Hey everybody! Thanks for reading this and any help you can give me in advance.
Here's my issue: a few years ago I dated a man that I fell in love with the moment I met him and the feeling was mutual. He always went out of his way to exceed my expectations and treated me exceptionally well, never letting me want for anything. We dated (without sex) for about a year and a half, during which, I lived in another state for a few months but would come home to visit every 3 months or so.
There was always a LOT of sexual tension between us but eventhough he would usually at times try to get me to sleep with him he understood and respected that I was not ready for that yet as we were not yet officially in a relationship and probably enjoyed the chase. In fact, at about 9 months in I gave in to the incredible lust I had for him but he stopped me (fighting himself the best he could) and told me that he wanted to make love to me the first time and didn't want it to be just because we were both horny.
Well we had a mutual female friend that he had just met about a month before he met me but I had known her since I was aboubt 15 (6 or 7 years). At one time I was really close with her and her family but I had kind of lost touch with them in the past 2 or 3 years. Well, fast-forward about three months and he and I met up and made love. It was literally the most beautiful thing I had ever experienced to the point that I actually cried when he fell asleep (a point that I hate to admit b/c I am NOT a crier!).

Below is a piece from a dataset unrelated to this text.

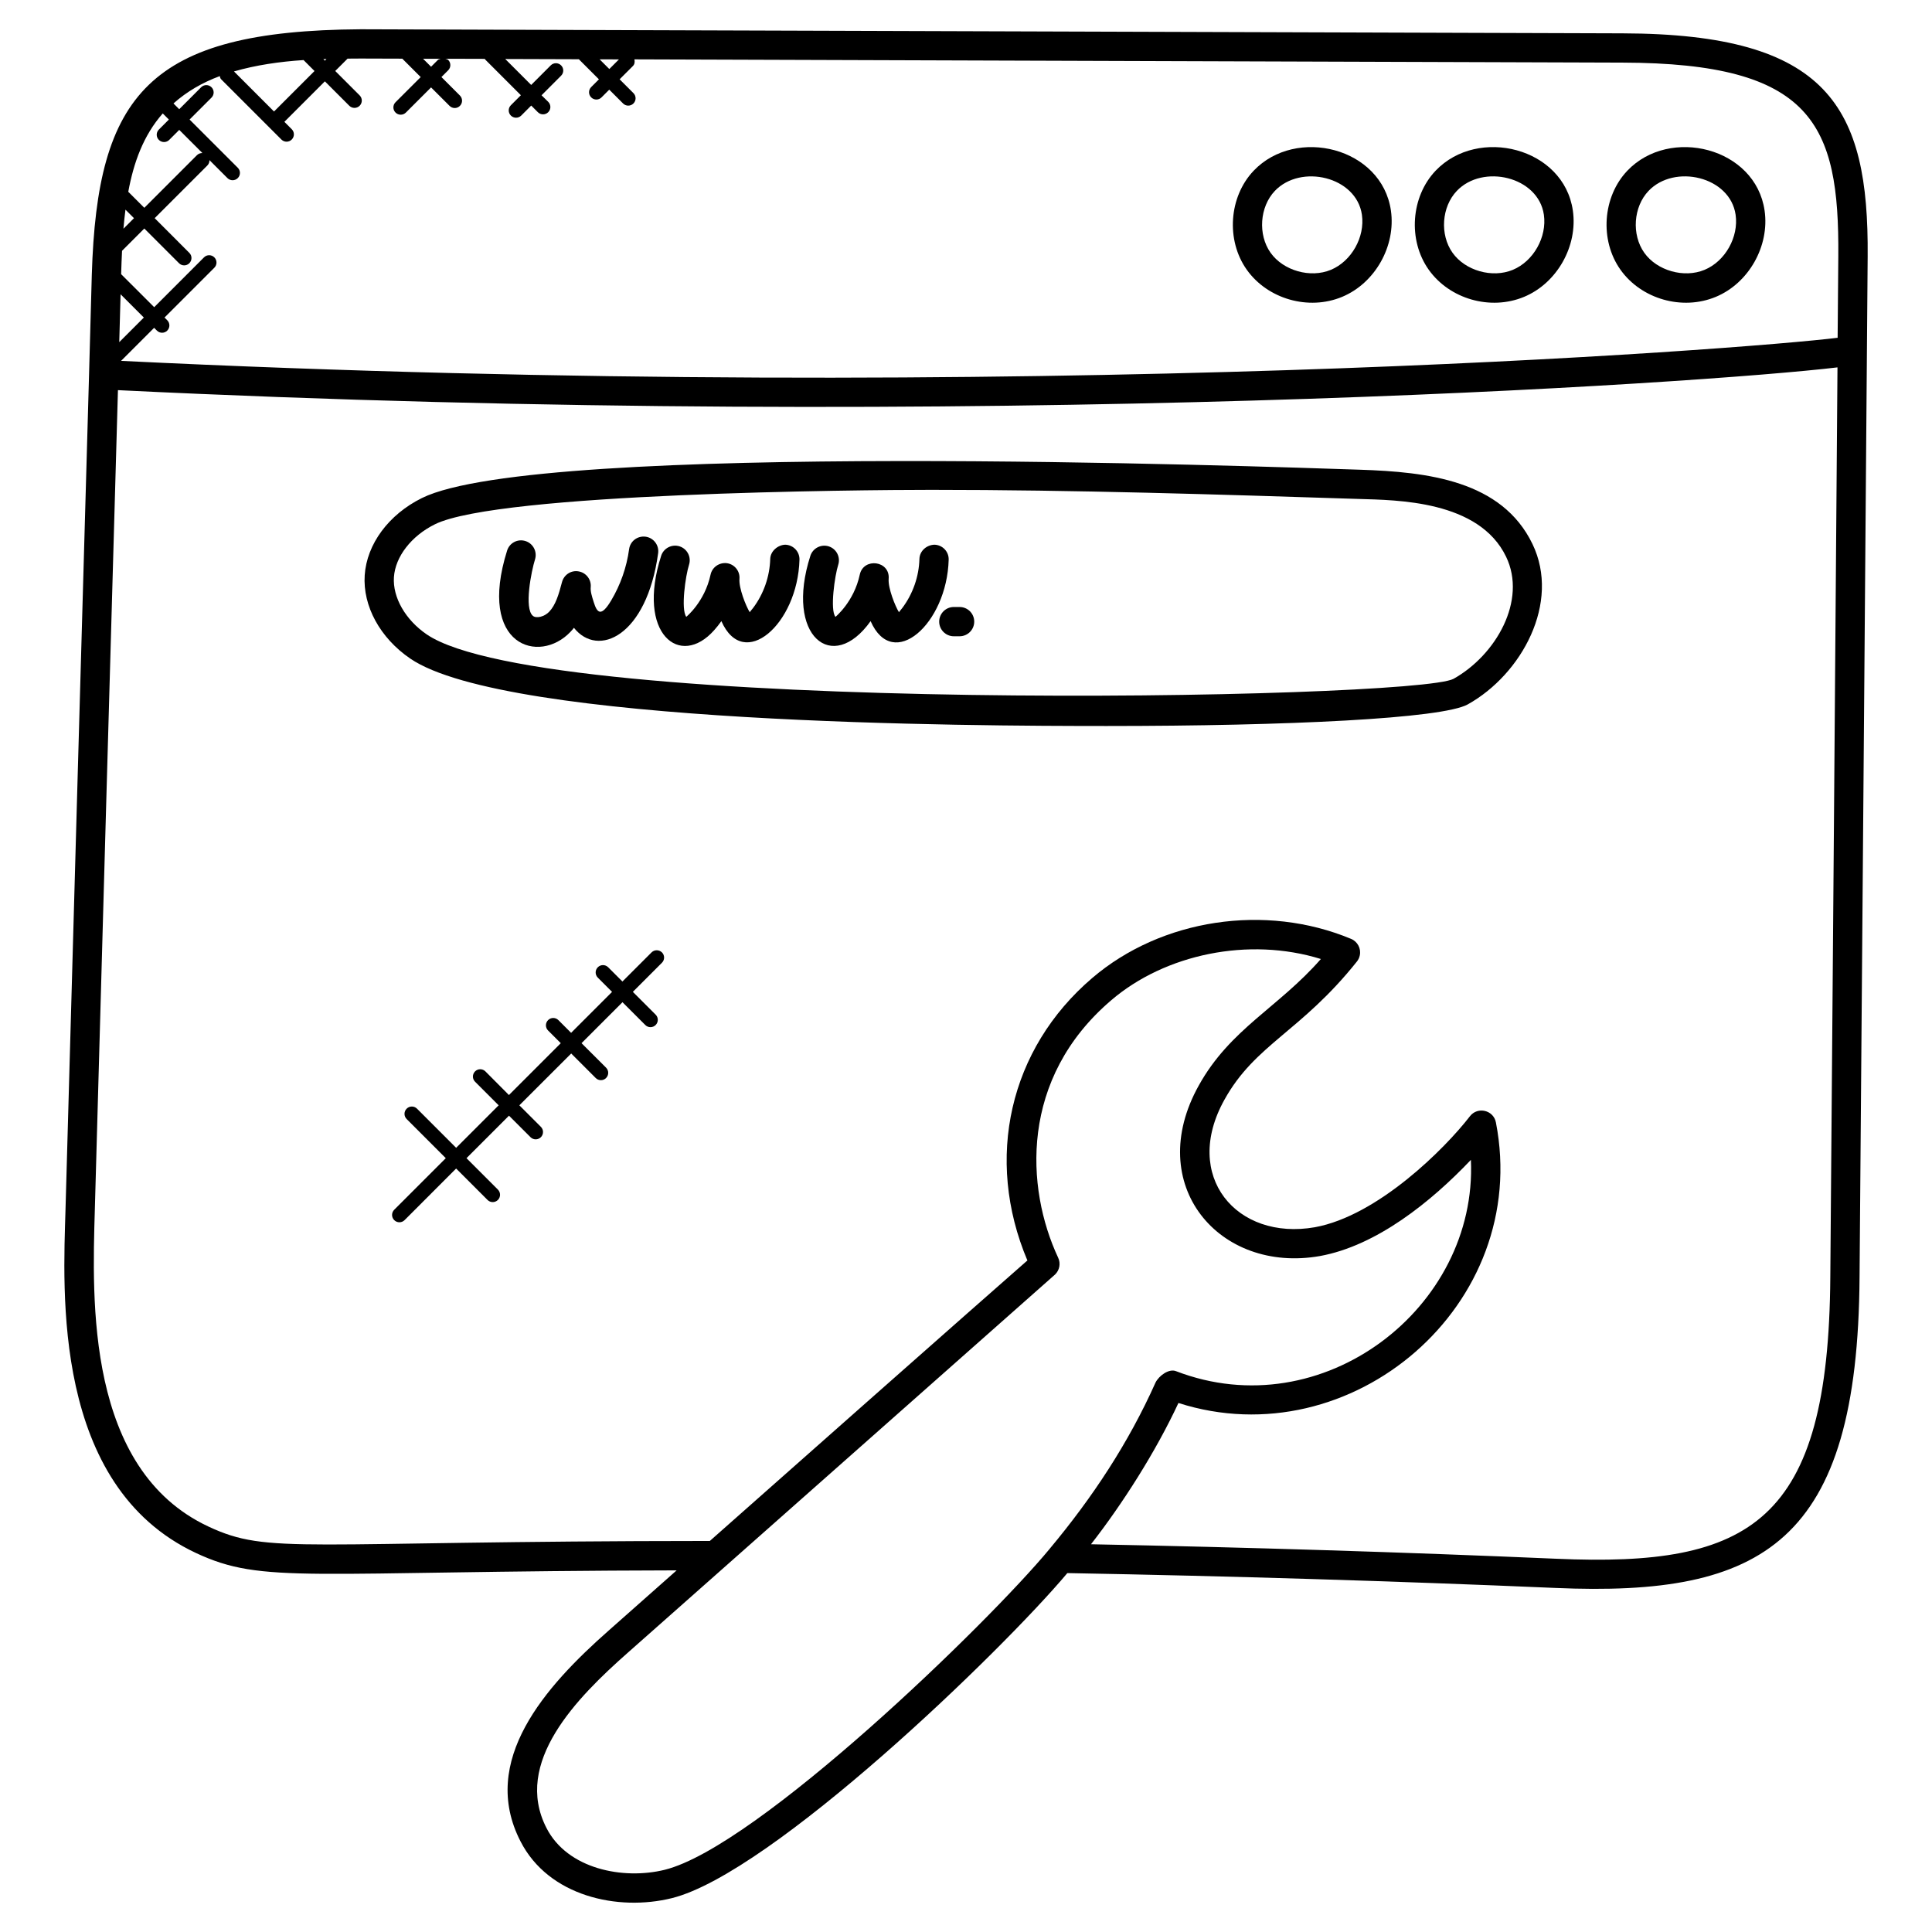 <svg id="Layer_1" enable-background="new 0 0 66 66" height="512" viewBox="0 0 66 66" width="512" xmlns="http://www.w3.org/2000/svg"><g><path d="m3.042 12.798c-.27 9.51-.54 19.012-.804 28.515-.079 2.781-.465 9.433 4.455 11.739 2.303 1.079 3.747.62 16.422.594l-2.322 2.056c-2.164 1.908-4.43 4.447-3.012 7.201.957 1.874 3.322 2.398 5.172 1.94 3.413-.85 11.266-8.432 13.509-11.104 5.58.102 11.185.272 16.66.507 7.121.311 10.345-1.544 10.403-10.619.127-15.265.219-27.976.277-34.865.041-5.11-1.336-7.603-8.367-7.623l-43.112-.139c-7.243.046-9.002 2.223-9.187 8.387zm1.077-2.745.795.795-.84.84zm.167-2.891.291.291-.36.36c.018-.221.042-.437.069-.651zm18.425 56.712c-1.425.352-3.327-.025-4.042-1.426-1.151-2.235 1.028-4.446 2.784-5.995.005-.004 14.59-12.914 14.59-12.914.154-.149.197-.379.106-.572-1.118-2.391-1.314-6.129 1.811-8.796 1.84-1.576 4.698-2.175 7.163-1.41-1.443 1.653-3.098 2.386-4.17 4.319-1.898 3.399.701 6.435 4.139 5.828 1.936-.352 3.796-1.853 5.156-3.285.229 5.055-5.065 9.147-10.077 7.217-.241-.093-.582.159-.697.391-.924 2.066-2.151 3.925-3.621 5.685 0 .001-.001.001-.001.002-2.1 2.539-9.981 10.169-13.141 10.956zm17.221-16.441.01.002-.001.002zm13.233 5.816c-5.226-.225-10.568-.391-15.895-.495 1.071-1.372 2.212-3.159 2.987-4.826 5.907 1.893 12.06-3.348 10.845-9.586-.082-.421-.624-.549-.887-.21-.858 1.112-3.151 3.401-5.297 3.792-2.674.47-4.549-1.743-3.089-4.357 1.05-1.895 2.609-2.317 4.525-4.72.049-.061.082-.132.098-.207.051-.235-.075-.474-.296-.566-2.926-1.222-6.481-.685-8.845 1.337-2.833 2.418-3.682 6.172-2.214 9.648 0 0-1.968 1.721-10.848 9.582-14.057.005-15.051.482-17.131-.493-4.182-1.96-3.967-7.738-3.879-10.806.259-9.336.524-18.672.79-28.014 29.523 1.446 54.207-.236 58.742-.778-.08 10.361-.159 20.717-.245 31.072-.056 8.396-2.71 9.92-9.361 9.627zm-32.021-51.22-.329.329-.331-.331zm-6.418.251-.273-.273.601.002c-.033.012-.07.013-.097.04zm-.983-.276.629.629-.86.859c-.098.098-.098.256 0 .353.098.098.256.098.354 0l.86-.859.632.631c.098.098.256.098.353 0 .098-.098.098-.256 0-.354l-.631-.631.231-.231c.098-.098.098-.256 0-.354-.026-.026-.063-.028-.096-.04l1.348.004c.005.006.003.014.008.019l1.223 1.223-.342.342c-.098.098-.098.256 0 .353.098.098.256.098.354 0l.341-.342.227.227c.098.098.256.098.354 0s.098-.256 0-.354l-.228-.224.668-.669c.098-.098.098-.256 0-.353-.098-.098-.256-.098-.354 0l-.668.669-.886-.886 2.519.008c.002.002.001.006.003.008l.678.678-.264.264c-.098.098-.098.256 0 .353.098.098.256.098.353 0l.264-.264.472.472c.098.098.256.098.354 0s.098-.256 0-.354l-.472-.472.453-.453c.063-.063.07-.147.052-.228l33.757.111c6.487.018 7.406 2.09 7.37 6.615l-.023 2.785c-3.122.388-27.645 2.304-58.64.789l1.129-1.129.095.095c.098.098.256.098.353 0 .098-.098.098-.256 0-.354l-.093-.092 1.702-1.702c.098-.098.098-.256 0-.354s-.256-.098-.353 0l-1.702 1.702-1.129-1.128c.008-.271.018-.538.031-.801.001-.001.004-.001.005-.002l.756-.756 1.185 1.185c.098.098.256.098.353 0s.098-.256 0-.353l-1.184-1.186 1.8-1.8c.05-.05.073-.117.071-.183l.614.614c.098.098.256.098.354 0s.098-.256 0-.353l-1.647-1.647.749-.749c.098-.098.098-.256 0-.354s-.256-.098-.354 0l-.749.75-.196-.197c.458-.408.991-.715 1.582-.934.012.037.015.077.044.106l2.061 2.061c.098.098.256.098.353 0 .098-.098.098-.256 0-.353l-.251-.252 1.383-1.383.834.834c.098.098.256.098.354 0s.098-.256 0-.354l-.834-.834.422-.422c.149 0 .299-.004.446-.003zm-3.373.048.374.374-1.383 1.383-1.368-1.369c.747-.216 1.552-.334 2.377-.388zm.677-.031c.036-.001.071-.003.106-.004l-.055.055zm-5.487 1.854.209.209-.342.342c-.098.098-.098.256 0 .353.098.098.256.098.354 0l.342-.342.791.791c-.067-.001-.133.021-.184.071l-1.8 1.8-.548-.547c.183-.994.513-1.922 1.178-2.677z"/><path d="m45.849 10.141c1.125-.468 1.841-1.735 1.667-2.948-.312-2.155-3.239-2.881-4.688-1.362-.848.89-.952 2.375-.237 3.382.713 1.006 2.115 1.405 3.258.928zm-2.298-3.62c.89-.931 2.786-.488 2.974.815.11.762-.356 1.589-1.061 1.882-.701.292-1.623.029-2.059-.583-.439-.62-.373-1.568.146-2.114z"/><path d="m52.065 10.141c1.125-.468 1.841-1.735 1.666-2.948-.31-2.152-3.236-2.883-4.687-1.363-.848.89-.952 2.375-.238 3.382.71 1.003 2.108 1.408 3.259.929zm-2.298-3.62c.887-.931 2.786-.491 2.974.815.11.762-.355 1.589-1.061 1.882-.702.292-1.625.029-2.059-.583-.44-.62-.374-1.568.146-2.114z"/><path d="m58.615 10.141c1.125-.468 1.841-1.735 1.666-2.948-.311-2.155-3.24-2.881-4.687-1.363-.848.89-.952 2.375-.238 3.382.71 1.003 2.109 1.408 3.259.929zm-2.298-3.62c.887-.931 2.786-.491 2.974.815.11.762-.355 1.589-1.061 1.882-.701.292-1.625.029-2.059-.583-.439-.62-.374-1.568.146-2.114z"/><path d="m46.455 16.046c-3.31-.107-28.051-1.004-32.04.967-1.135.561-1.885 1.572-1.956 2.637-.07 1.053.525 2.143 1.553 2.846 3.295 2.254 19.274 2.305 23.794 2.305 6.196 0 11.463-.252 12.335-.738 1.846-1.03 3.175-3.477 2.211-5.478-1.045-2.17-3.585-2.465-5.897-2.539zm3.199 7.144c-1.329.717-31.023 1.254-35.078-1.519-.726-.496-1.165-1.263-1.119-1.954.046-.7.596-1.41 1.401-1.807 2.171-1.074 14.533-1.176 16.958-1.176 4.906 0 9.798.157 14.606.311 1.291.041 4.1.044 5.028 1.973.721 1.494-.347 3.363-1.796 4.172z"/><path d="m22.054 18.334c-.28-.035-.526.154-.563.428-.083.614-.295 1.219-.612 1.75-.344.576-.481.431-.596.059-.063-.198-.117-.369-.103-.512.024-.259-.155-.494-.411-.539-.256-.049-.504.113-.57.365-.114.433-.218.782-.438 1.013-.161.17-.435.237-.554.143-.314-.253-.052-1.543.07-1.931.082-.264-.064-.544-.327-.627-.266-.084-.545.063-.627.327-1.026 3.269 1.099 3.894 2.163 2.777.043-.045.083-.092.12-.14.822 1.036 2.488.291 2.877-2.551.036-.272-.155-.524-.429-.562z"/><path d="m26.826 18.608c-.244.006-.505.21-.514.486-.017.601-.224 1.195-.585 1.675-.056.074-.103.119-.114.147-.13-.208-.378-.828-.352-1.14.022-.263-.164-.497-.425-.536-.26-.034-.507.133-.562.39-.2.933-.83 1.442-.83 1.442-.19-.26-.026-1.404.094-1.779.084-.263-.06-.544-.323-.629-.263-.083-.545.061-.629.323-.858 2.676.648 3.857 1.813 2.539.087-.098.169-.201.244-.307.762 1.724 2.606.11 2.668-2.099.008-.274-.209-.504-.485-.512z"/><path d="m31.923 18.608c-.265.006-.506.21-.514.486-.016.601-.224 1.195-.585 1.676-.055.074-.103.119-.113.146-.129-.204-.378-.828-.353-1.139.054-.626-.859-.741-.987-.146-.199.93-.83 1.442-.83 1.442-.194-.235-.022-1.419.094-1.779.084-.263-.06-.544-.323-.629-.261-.083-.544.06-.629.323-.883 2.75.757 4.06 2.058 2.231.764 1.737 2.608.092 2.667-2.099.009-.275-.209-.504-.485-.512z"/><path d="m32.781 20.736h-.197c-.276 0-.5.224-.5.5s.224.5.5.5h.197c.276 0 .5-.224.5-.5s-.223-.5-.5-.5z"/><path d="m22.257 32.536-.994.994-.487-.487c-.098-.098-.256-.098-.354 0s-.098.256 0 .354l.487.487-1.399 1.399-.434-.434c-.098-.098-.256-.098-.353 0-.098.098-.098.256 0 .354l.434.434-1.771 1.771-.804-.808c-.098-.098-.256-.098-.353 0-.098.098-.098.256 0 .353l.806.806-1.452 1.452-1.337-1.337c-.098-.098-.256-.098-.354 0s-.098.256 0 .354l1.337 1.337-1.762 1.762c-.098.098-.098.256 0 .354s.256.098.354 0l1.761-1.762 1.073 1.073c.098.098.256.098.354 0s.098-.256 0-.354l-1.073-1.073 1.452-1.452.735.735c.098.098.256.098.354 0s.098-.256 0-.354l-.735-.735 1.771-1.77.838.838c.098.098.256.098.353 0 .098-.098.098-.256 0-.354l-.838-.837 1.399-1.399.779.779c.098.098.256.098.354 0s.098-.256 0-.354l-.779-.779.994-.994c.098-.098.098-.256 0-.354-.1-.097-.258-.097-.356.001z"/></g></svg>

2 months later I found out that our mutual friend was 3 months pregnant by him when I was invited to the baby shower! When I found out I did not let him know I knew until after the baby was born. And eventhough he never admited it to me I stayed by his side and helped him though all the stress it put him through. I honestly believe that she was just a convienience to him due to the fact that she had moved into his second bedroom for about 3 weeks when she was having some issues with her family and I would randomly see them out together when they didn't(she would give him rides to walmart when his car was in the shop. You see everybody at walmart!) and there was never any affection or even closeness. Especially compared to the way his was when he was with me.
When I confronted him about it he told me that she never meant anything to him and he wanted to tell me but he was afraid I would leave him. But at this point (once the baby was born it was actually real to me) I was so angry that I just stopped dealing with him for a while. I would talk with him every now and then and visit him every blue moon and he would always express his love for me and vow that eventhough he regrets that this happened and understands that I'm angry with him he believes in true love and he knows we'll end up together and he'll wait for me.
Well a few years have passed and I'm trying to decide if I should give him another chance. A while ago his child mom and I crossed words because she absolutely HATES me now and started speading lies about me. I can't quite blame her because she was head over heels in love with him but after she had the baby and finally expressed her feelings for him and that she expected to be a couple with him, he told he no because he's in love with ME! I really wish he didn't. I've gotten over most of the hurt that he has a son with my one time friend but I'm still a little angry that it happened. He still pursues me and beggs to see me but I haven't yet.
SO, sorry for the long story but I want to know what you guys think. Should I give love a second chance. Or should I let go of a great guy with a baby?